**TO DO:**
List every line in this data where the string "âåðòèêàëüíûé" occurs.

Dataset items
━━━━━━
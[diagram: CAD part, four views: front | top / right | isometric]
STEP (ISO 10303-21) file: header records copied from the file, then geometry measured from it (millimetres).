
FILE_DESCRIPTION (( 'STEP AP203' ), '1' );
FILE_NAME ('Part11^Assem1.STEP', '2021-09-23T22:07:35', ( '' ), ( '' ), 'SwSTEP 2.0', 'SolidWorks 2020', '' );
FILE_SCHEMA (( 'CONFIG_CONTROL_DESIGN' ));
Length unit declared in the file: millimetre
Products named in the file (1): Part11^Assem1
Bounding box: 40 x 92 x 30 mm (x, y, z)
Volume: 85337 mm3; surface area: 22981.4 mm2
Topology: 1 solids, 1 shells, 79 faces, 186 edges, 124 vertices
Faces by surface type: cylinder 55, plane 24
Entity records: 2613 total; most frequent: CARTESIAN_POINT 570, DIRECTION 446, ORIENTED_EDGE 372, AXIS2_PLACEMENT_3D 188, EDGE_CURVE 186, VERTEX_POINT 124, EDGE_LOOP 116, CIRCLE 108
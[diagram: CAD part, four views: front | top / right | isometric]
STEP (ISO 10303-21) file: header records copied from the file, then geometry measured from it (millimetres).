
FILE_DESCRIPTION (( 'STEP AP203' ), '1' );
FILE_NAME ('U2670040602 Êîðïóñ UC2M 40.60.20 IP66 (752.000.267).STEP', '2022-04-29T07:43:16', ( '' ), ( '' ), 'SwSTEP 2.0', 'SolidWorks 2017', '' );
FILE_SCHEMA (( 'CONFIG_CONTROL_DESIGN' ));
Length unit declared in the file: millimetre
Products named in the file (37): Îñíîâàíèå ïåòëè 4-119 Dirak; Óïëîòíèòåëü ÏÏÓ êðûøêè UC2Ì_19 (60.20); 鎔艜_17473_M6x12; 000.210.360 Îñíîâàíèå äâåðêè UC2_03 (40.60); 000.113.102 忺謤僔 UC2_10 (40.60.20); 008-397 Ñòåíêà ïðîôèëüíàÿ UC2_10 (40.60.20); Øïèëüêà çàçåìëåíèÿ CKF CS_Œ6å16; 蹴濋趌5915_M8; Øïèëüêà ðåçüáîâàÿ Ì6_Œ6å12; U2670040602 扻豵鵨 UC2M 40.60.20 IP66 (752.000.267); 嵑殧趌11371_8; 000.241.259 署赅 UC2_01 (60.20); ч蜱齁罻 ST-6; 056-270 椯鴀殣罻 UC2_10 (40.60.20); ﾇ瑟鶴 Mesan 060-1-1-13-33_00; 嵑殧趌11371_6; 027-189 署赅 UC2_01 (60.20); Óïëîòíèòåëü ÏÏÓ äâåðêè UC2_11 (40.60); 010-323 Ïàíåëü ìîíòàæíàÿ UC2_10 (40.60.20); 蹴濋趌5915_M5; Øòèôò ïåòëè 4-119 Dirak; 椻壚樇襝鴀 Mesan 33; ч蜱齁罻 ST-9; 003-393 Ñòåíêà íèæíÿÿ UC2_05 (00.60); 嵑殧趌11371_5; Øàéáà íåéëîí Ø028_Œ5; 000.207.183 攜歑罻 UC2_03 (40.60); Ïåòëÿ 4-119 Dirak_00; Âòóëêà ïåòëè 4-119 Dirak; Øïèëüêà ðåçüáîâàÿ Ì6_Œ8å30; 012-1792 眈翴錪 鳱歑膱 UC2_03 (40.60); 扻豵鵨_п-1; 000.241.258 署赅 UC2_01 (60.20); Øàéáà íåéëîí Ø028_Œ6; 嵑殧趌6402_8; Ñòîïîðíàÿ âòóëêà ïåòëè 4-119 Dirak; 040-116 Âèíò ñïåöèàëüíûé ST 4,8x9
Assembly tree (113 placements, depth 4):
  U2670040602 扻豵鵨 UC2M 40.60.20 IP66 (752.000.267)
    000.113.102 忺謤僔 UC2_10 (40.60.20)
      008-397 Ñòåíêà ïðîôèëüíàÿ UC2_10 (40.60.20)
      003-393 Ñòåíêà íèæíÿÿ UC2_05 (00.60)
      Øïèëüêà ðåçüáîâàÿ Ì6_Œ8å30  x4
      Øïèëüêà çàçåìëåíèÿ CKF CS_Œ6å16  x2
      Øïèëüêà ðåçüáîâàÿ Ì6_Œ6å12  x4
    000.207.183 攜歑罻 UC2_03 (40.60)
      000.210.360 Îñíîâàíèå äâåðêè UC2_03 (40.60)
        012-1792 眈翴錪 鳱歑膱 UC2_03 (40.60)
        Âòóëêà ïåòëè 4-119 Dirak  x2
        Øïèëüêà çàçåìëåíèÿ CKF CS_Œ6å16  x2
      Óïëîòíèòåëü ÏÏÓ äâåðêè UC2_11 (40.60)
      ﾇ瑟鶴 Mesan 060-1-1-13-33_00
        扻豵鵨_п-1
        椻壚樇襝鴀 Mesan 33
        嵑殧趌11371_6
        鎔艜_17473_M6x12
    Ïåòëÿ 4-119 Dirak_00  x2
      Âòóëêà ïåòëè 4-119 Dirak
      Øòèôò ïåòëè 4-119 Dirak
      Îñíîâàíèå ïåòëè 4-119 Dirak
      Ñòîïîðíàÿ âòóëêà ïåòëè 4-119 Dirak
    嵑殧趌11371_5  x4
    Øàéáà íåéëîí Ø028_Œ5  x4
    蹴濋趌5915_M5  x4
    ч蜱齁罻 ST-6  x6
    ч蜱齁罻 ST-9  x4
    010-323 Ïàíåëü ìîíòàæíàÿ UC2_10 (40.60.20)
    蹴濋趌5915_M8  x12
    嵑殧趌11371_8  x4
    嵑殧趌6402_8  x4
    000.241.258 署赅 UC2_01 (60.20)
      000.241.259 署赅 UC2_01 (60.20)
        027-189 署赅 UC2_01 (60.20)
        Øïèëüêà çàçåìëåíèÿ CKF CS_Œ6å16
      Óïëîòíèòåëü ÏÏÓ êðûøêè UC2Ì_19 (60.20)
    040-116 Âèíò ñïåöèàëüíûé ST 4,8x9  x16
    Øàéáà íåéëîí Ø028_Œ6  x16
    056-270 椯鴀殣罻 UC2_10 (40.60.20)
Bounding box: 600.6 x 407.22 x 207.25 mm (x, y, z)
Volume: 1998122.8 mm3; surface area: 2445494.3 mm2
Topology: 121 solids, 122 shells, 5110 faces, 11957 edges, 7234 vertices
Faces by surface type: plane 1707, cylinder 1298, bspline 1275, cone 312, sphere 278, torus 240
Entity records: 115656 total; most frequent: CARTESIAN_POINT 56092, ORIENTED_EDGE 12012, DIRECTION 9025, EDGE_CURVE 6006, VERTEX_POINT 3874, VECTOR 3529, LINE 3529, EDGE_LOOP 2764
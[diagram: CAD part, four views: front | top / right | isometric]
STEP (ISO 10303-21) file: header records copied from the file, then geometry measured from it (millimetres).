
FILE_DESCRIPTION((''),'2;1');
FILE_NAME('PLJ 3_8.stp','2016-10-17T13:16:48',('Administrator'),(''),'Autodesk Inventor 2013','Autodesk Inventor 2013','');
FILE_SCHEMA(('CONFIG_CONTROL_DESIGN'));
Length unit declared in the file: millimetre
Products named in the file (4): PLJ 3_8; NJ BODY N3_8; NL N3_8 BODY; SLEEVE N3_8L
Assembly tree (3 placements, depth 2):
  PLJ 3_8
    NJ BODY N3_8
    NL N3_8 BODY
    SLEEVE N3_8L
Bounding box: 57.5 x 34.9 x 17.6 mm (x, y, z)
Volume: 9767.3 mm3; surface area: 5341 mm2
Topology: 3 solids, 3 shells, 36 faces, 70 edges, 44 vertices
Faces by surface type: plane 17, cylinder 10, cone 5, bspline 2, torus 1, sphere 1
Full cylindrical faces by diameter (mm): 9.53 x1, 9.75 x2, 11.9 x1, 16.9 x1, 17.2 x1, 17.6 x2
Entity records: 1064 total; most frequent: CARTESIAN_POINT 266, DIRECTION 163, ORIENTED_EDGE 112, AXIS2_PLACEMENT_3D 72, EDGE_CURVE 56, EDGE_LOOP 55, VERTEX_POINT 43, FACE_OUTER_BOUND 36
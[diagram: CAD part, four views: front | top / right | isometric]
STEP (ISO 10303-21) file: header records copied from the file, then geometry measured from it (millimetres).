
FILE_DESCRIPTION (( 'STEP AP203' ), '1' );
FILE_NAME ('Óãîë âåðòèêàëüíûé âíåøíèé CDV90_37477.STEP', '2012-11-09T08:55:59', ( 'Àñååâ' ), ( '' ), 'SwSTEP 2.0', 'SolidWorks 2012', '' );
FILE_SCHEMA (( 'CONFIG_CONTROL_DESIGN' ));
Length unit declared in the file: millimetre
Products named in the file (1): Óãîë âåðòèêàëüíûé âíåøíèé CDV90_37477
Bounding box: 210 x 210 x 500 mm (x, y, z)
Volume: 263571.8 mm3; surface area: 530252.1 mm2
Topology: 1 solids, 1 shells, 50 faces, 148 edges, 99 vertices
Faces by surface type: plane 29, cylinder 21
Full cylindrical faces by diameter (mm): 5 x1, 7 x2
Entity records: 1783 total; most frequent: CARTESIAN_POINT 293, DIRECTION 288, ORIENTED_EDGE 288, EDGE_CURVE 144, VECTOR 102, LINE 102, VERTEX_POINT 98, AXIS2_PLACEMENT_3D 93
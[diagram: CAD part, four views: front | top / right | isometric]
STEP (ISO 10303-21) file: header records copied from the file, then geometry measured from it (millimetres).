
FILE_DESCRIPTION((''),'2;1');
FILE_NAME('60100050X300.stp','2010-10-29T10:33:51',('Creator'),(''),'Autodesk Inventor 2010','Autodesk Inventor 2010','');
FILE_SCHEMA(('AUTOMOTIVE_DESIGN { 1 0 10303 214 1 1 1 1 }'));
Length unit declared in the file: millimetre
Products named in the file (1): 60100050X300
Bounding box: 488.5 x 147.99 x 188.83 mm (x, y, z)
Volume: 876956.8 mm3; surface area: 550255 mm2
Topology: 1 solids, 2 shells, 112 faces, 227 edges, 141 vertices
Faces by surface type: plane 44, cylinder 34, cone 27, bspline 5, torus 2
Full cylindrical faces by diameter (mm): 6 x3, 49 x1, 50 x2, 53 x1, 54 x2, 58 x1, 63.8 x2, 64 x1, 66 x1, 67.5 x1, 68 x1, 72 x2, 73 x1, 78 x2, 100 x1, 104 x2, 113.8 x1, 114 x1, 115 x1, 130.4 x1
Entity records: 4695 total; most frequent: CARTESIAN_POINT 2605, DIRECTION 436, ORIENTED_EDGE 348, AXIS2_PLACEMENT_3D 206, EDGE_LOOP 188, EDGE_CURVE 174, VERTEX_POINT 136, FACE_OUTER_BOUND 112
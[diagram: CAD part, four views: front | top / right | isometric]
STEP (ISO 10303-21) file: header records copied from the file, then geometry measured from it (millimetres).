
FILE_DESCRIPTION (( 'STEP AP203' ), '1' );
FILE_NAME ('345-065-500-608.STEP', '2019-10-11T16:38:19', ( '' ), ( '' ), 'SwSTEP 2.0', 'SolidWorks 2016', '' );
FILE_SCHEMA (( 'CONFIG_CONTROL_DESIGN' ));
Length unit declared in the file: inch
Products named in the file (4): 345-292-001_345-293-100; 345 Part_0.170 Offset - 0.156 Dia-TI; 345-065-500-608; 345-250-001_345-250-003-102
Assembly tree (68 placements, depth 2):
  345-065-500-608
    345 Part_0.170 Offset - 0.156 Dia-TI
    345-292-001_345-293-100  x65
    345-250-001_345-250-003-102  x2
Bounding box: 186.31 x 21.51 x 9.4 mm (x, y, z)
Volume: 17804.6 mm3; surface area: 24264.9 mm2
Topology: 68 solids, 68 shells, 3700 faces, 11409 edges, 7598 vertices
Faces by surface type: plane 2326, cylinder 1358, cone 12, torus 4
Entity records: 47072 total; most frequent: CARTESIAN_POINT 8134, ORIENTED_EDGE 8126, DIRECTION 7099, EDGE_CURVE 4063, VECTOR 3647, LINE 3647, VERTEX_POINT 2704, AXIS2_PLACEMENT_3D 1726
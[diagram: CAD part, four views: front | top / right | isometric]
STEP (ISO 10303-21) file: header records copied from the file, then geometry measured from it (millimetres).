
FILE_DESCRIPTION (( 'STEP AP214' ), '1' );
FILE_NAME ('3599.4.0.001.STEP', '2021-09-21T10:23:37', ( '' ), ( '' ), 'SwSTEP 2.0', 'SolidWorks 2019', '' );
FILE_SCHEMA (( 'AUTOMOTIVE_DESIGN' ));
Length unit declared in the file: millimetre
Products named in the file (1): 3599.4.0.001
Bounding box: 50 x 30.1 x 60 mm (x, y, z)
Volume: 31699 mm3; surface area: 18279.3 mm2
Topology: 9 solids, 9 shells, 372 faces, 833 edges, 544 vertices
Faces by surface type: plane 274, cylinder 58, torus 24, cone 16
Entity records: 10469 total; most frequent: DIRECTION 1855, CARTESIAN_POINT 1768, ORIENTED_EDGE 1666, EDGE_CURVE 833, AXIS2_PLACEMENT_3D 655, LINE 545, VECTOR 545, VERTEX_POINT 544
━━━━━━
**ANSWER TO THE EXERCISE:**
FILE_NAME ('Óãîë âåðòèêàëüíûé âíåøíèé CDV90_37477.STEP', '2012-11-09T08:55:59', ( 'Àñååâ' ), ( '' ), 'SwSTEP 2.0', 'SolidWorks 2012', '' );
Products named in the file (1): Óãîë âåðòèêàëüíûé âíåøíèé CDV90_37477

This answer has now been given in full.